Ankara Ticaret Odası (ATO) Başkan Yardımcısı Halil İbrahim Yılmaz, ulusal ve yerel düzeyde bilimsel verilere dayalı afet öncesi planlama yapılmasının önemine değinerek, “Milletçe birlik ve beraberlik içinde olma durumunu afetlere hazırlık, afet öncesi önlem alma, sürdürülebilir afet yönetimi konuları için de harekete geçirmek durumundayız” dedi.
ATO Başkan Yardımcısı Halil İbrahim Yılmaz, NORM Eğitim Danışmanlık Derneği’nin bu yıl Sürdürülebilir Afet Projeleri Yönetimi temasıyla gerçekleştirdiği panel ve panelin ardından gerçekleştirilen “10. Çetin Ceviz Ödülleri” törenine katılarak bir konuşma yaptı.
ATO Meclis Salonu’nda gerçekleşen programın açılışında konuşan Yılmaz, insanın en temel hakkı olan yaşama hakkının afet öncesi, sırası ve sonrasında korumanın yolunun sürdürülebilir afet yönetimini uygulamaktan geçtiğini belirterek, ulusal ve yerel düzeyde bilimsel verilere dayalı afet öncesi planlamaların yapılmasının önemine dikkat çekti. Yılmaz, “Bilimden uzaklaştıkça, afetlerin yıkıcı etkilerine yakın hale geliyoruz. Yakın zamanda yüzyılın en büyük deprem felaketini yaşadık. Kahramanmaraş merkezli 6 Şubat depremleri hepimizi yasa boğdu. Tüm kurum ve kuruluşlarımızla, iş dünyamızla, sivil toplumumuzla afet sonrası yara sarma konusunda sınavımızı başarıyla verdik. Fakat ‘dayanışma depremden güçlüdür’ anlayışına, ‘tedbir depremden güçlüdür’ anlayışını da daha güçlü bir şekilde ekleyerek yola devam etmemiz gerekiyor. Milletçe bu birlik ve beraberlik içinde olma durumunu afetlere hazırlık, afet öncesi önlem alma, sürdürülebilir afet yönetimi konuları için de harekete geçirmek durumundayız” dedi.

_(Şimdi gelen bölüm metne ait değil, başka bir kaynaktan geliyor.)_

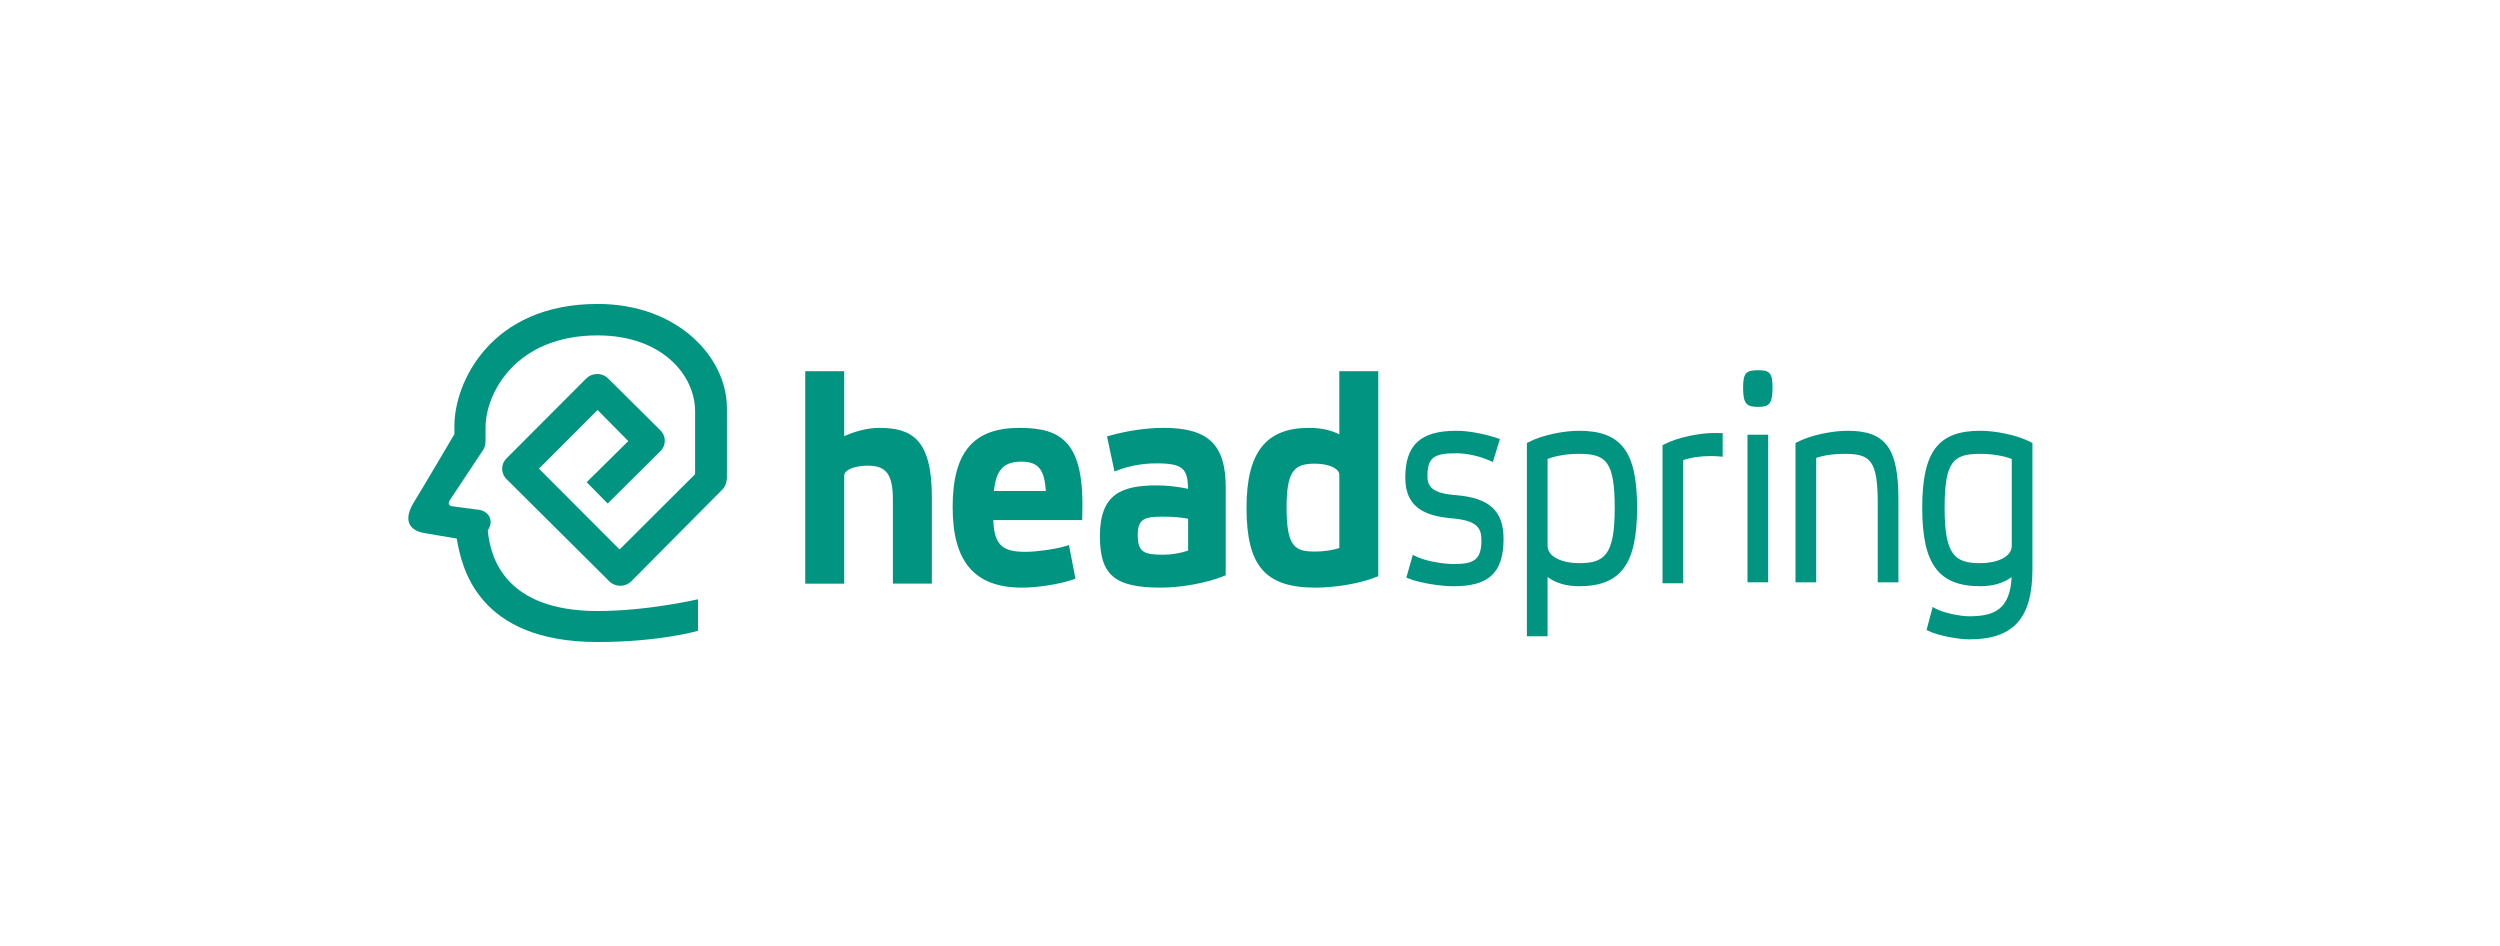 <?xml version="1.0" encoding="UTF-8"?>
<svg id="_レイヤー_1" data-name="レイヤー_1" xmlns="http://www.w3.org/2000/svg" width="333" height="126" viewBox="0 0 333 126">
  <rect x="47.636" y="33.73" width="229.839" height="58.539" fill="none"/>
  <path d="M117.131,56.992c-1.709,0-3.482.552-4.684,1.111v-8.662h-5.191v28.3h5.191v-14.379c0-.774,1.334-1.334,3.17-1.334,2.447,0,3.315,1.188,3.315,4.537v11.175h5.191v-11.557c0-7.654-2.675-9.191-6.992-9.191Z" fill="#009481"/>
  <path d="M135.795,56.992c-6.156,0-8.902,3.258-8.902,10.566,0,7.311,2.943,10.715,9.261,10.715,1.855,0,4.887-.414,6.792-1.086l.302-.108-.863-4.479-.378.119c-1.438.456-4.112.785-5.312.785-2.911,0-4.269-.622-4.387-4.23h11.834l.014-.368c.175-5.075-.463-8.125-2.07-9.887-1.294-1.421-3.177-2.028-6.292-2.028ZM132.378,65.401c.308-2.65,1.152-3.907,3.67-3.907,2.241,0,3.072,1.016,3.257,3.907h-6.927Z" fill="#009481"/>
  <path d="M154.975,56.992c-2.305,0-4.852.39-7.186,1.042l-.336.095.996,4.671.384-.145c1.564-.594,3.323-.934,5.206-.934,3.524,0,4.154.695,4.212,3.383-1.487-.305-2.825-.447-4.176-.447-4.673,0-7.568,1.129-7.568,6.751,0,5.197,1.97,6.864,8.109,6.864,2.748,0,6.21-.639,8.42-1.551l.23-.094v-11.703c0-5.709-2.326-7.933-8.29-7.933ZM158.257,73.343c-1.039.346-2.232.544-3.317.544-2.631,0-3.393-.35-3.393-2.669,0-2.166.987-2.402,3.428-2.402,1.219,0,2.371.098,3.282.275v4.253Z" fill="#009481"/>
  <path d="M178.397,49.441v8.413c-.863-.428-2.137-.863-4.035-.863-5.758,0-8.325,3.281-8.325,10.641,0,7.757,2.491,10.64,9.189,10.64,2.745,0,6.166-.603,8.134-1.437l.227-.095v-27.3h-5.191ZM178.397,73c-.9.287-2.113.468-3.17.468-2.739,0-3.854-.534-3.854-5.91,0-4.992,1.114-5.797,3.782-5.797,1.848,0,3.242.639,3.242,1.486v9.753Z" fill="#009481"/>
  <path d="M193.912,65.952c-3.148-.238-3.78-1.15-3.78-2.543,0-2.575,1.01-3.033,3.855-3.033,1.43,0,3.13.383,4.549,1.025l.312.14.941-3.066-.334-.108c-1.967-.637-3.907-.987-5.467-.987-4.77,0-6.805,1.87-6.805,6.255,0,4.288,3.089,5.143,6.423,5.428,3.126.298,3.719,1.256,3.719,2.92,0,2.691-1.14,3.145-3.693,3.145-1.665,0-4.054-.493-5.115-1.053l-.331-.173-.861,3.035.304.12c1.644.645,4.343,1.031,6.002,1.031,4.718,0,6.643-1.834,6.643-6.328,0-3.714-1.903-5.45-6.362-5.806Z" fill="#009481"/>
  <path d="M210.316,57.379c-1.902,0-4.83.526-6.743,1.532l-.192.1v25.739h2.756v-7.886c1.114.811,2.517,1.221,4.178,1.221,5.574,0,7.745-2.93,7.745-10.447,0-7.479-2.097-10.259-7.745-10.259ZM210.316,75.014c-2.012,0-4.178-.726-4.178-2.321v-11.564c1.147-.433,2.655-.679,4.178-.679,3.632,0,4.764,1.002,4.764,7.264,0,6.284-1.405,7.299-4.764,7.299Z" fill="#009481"/>
  <path d="M246.096,57.379c-1.903,0-4.833.526-6.744,1.532l-.191.1v18.552h2.756v-16.571c1.135-.373,2.315-.54,3.79-.54,3.413,0,4.405.859,4.405,6.551v10.561h2.756v-11.05c0-6.829-1.709-9.134-6.773-9.134Z" fill="#009481"/>
  <path d="M270.531,58.91c-1.916-1.006-4.841-1.532-6.745-1.532-5.644,0-7.746,2.78-7.746,10.259,0,7.518,2.171,10.447,7.746,10.447,1.653,0,3.051-.405,4.162-1.209-.211,4.318-2.334,5.214-5.652,5.214-1.228,0-3.471-.458-4.523-1.049l-.341-.19-.815,3.064.271.131c1.29.629,3.965,1.116,5.408,1.116,5.905,0,8.425-2.8,8.425-9.361v-16.791l-.19-.1ZM263.786,75.014c-3.357,0-4.763-1.015-4.763-7.299,0-6.263,1.131-7.264,4.763-7.264,1.524,0,3.032.246,4.18.679v11.564c0,1.595-2.166,2.321-4.18,2.321Z" fill="#009481"/>
  <rect x="232.764" y="57.903" width="2.756" height="19.659" fill="#009481"/>
  <path d="M236.105,51.616c0,2.212-.478,2.582-1.917,2.582-1.527,0-2.008-.37-2.008-2.582,0-2.027.482-2.302,2.008-2.302,1.438,0,1.917.275,1.917,2.302Z" fill="#009481"/>
  <path d="M224.204,77.687v-16.402c1.135-.373,2.316-.54,3.79-.54.458,0,1.09.053,1.466.093v-3.139c-.275-.016-.78-.026-1.077-.026-1.903,0-4.832.526-6.744,1.532l-.191.099v18.383h2.756Z" fill="#009481"/>
  <path d="M60.843,71.736c.638,3.823,2.759,13.78,18.76,13.78,8.244,0,13.366-1.489,13.366-1.489v-4.203s-6.667,1.564-13.366,1.564c-12.382,0-14.301-7.157-14.63-10.746.953-1.419-.03-2.684-1.369-2.757l-3.311-.446c-.567-.031-.679-.405-.312-.915l4.338-6.544c.302-.412.357-.911.357-1.419v-1.627c0-4.482,3.947-12.259,14.927-12.259,8.667,0,12.984,5.369,12.984,10.103v8.385l-10.057,10.029-10.742-10.761,7.81-7.82,4.092,4.141-5.542,5.476c-.001.001-.002.002-.003.003l2.79,2.832c.018-.016.038-.027.056-.044l6.968-6.918c.792-.767.791-2.015-.002-2.783l-6.973-6.927c-.377-.366-.901-.577-1.437-.577-.534,0-1.059.21-1.442.582l-10.626,10.653c-.793.766-.79,2.012.001,2.777l13.702,13.627c.794.768,2.082.768,2.874.001l12.303-12.389c.279-.375.404-.82.464-1.293v-9.441c0-6.656-6.464-13.844-17.221-13.844-14.287,0-19.074,10.515-19.074,16.207v1.135s-4.807,8.15-5.313,8.936c-1.497,2.326-.952,3.954,1.567,4.284l4.059.689Z" fill="#009481"/>
</svg>

-AZ RİSKLİ BAŞKENT, FİNANS VE EKONOMİNİN MERKEZİ OLMAYA UYGUN BİR KENT-
Ankara’nın deprem açısından az riskli bölgede yer aldığını kaydeden Yılmaz, Başkent’in ekonomi ve finansın merkezi olmak için uygun bir kent olduğunu söyledi. Yılmaz, “Ankara, deprem açısından risksiz bir kent, finans ve ekonominin merkezi olmaya elverişli bir konumda. Başkent’in ticaretinin, sanayisinin gelişmesi için yatırım yapıp, proje geliştirmemiz gerekiyor. Cumhuriyetin kurulduğu bu kentin, üretim ve ticaretin de kenti olmasını istiyoruz” diye konuştu.
-“1,5 GÜNDE BİR AFET YAŞIYORUZ”-
Türkiye’nin insani krizler ve afetlerin risklerini ölçmek için oluşturulan “Küresel Risk Endeksi”nde 5,0 endeks puanı ile 191 ülke arasında 45’inci sırada yer aldığını kaydeden Yılmaz, “Dünyada 1971-2021 yılları arasında 11 bin 778 afet gerçekleşti. Yani 1,5 günde bir vaka gerçekleşmiş. Tek başına rakamlara bakmak yeterli. Bu rakamlar afetler karşısında adım atmak için uyarı veriyor. Depremden sonra dayanışma değil depremden önce tedbir gerek. Dirençli bireyler olmadan dirençli kentler olmaz. Afet bilinci yüksek bir toplum olacağız. Topraklarının büyük bölümü birinci dereceden deprem bölgesi olan bir ülkede depremden depreme selden sele bu konuları konuşmaya devam ettiğimiz müddetçe yeni felaketlere davet çıkarmış oluruz” dedi.
Türk Proje Yöneticileri Meslek Enstitüsü Onursal Başkanı Nedret Orbay ve AB Mali İşbirliği ve Proje Uygulama Genel Müdürü Bülent Özcan’ın da açılış konuşması yaptığı program, “Yaşam Hakkı; Sürdürülebilir Afet Projeleri Yönetimi Paneli”yle devam etti.
ATO Başkan Yardımcısı Yılmaz’a, “Murat Can Mekik Mesleğe Katkı Onur Ödülü”ne layık görüldü. Ödülü Yılmaz adına ATO Meclis Üyesi Mert Ünyazıcı aldı.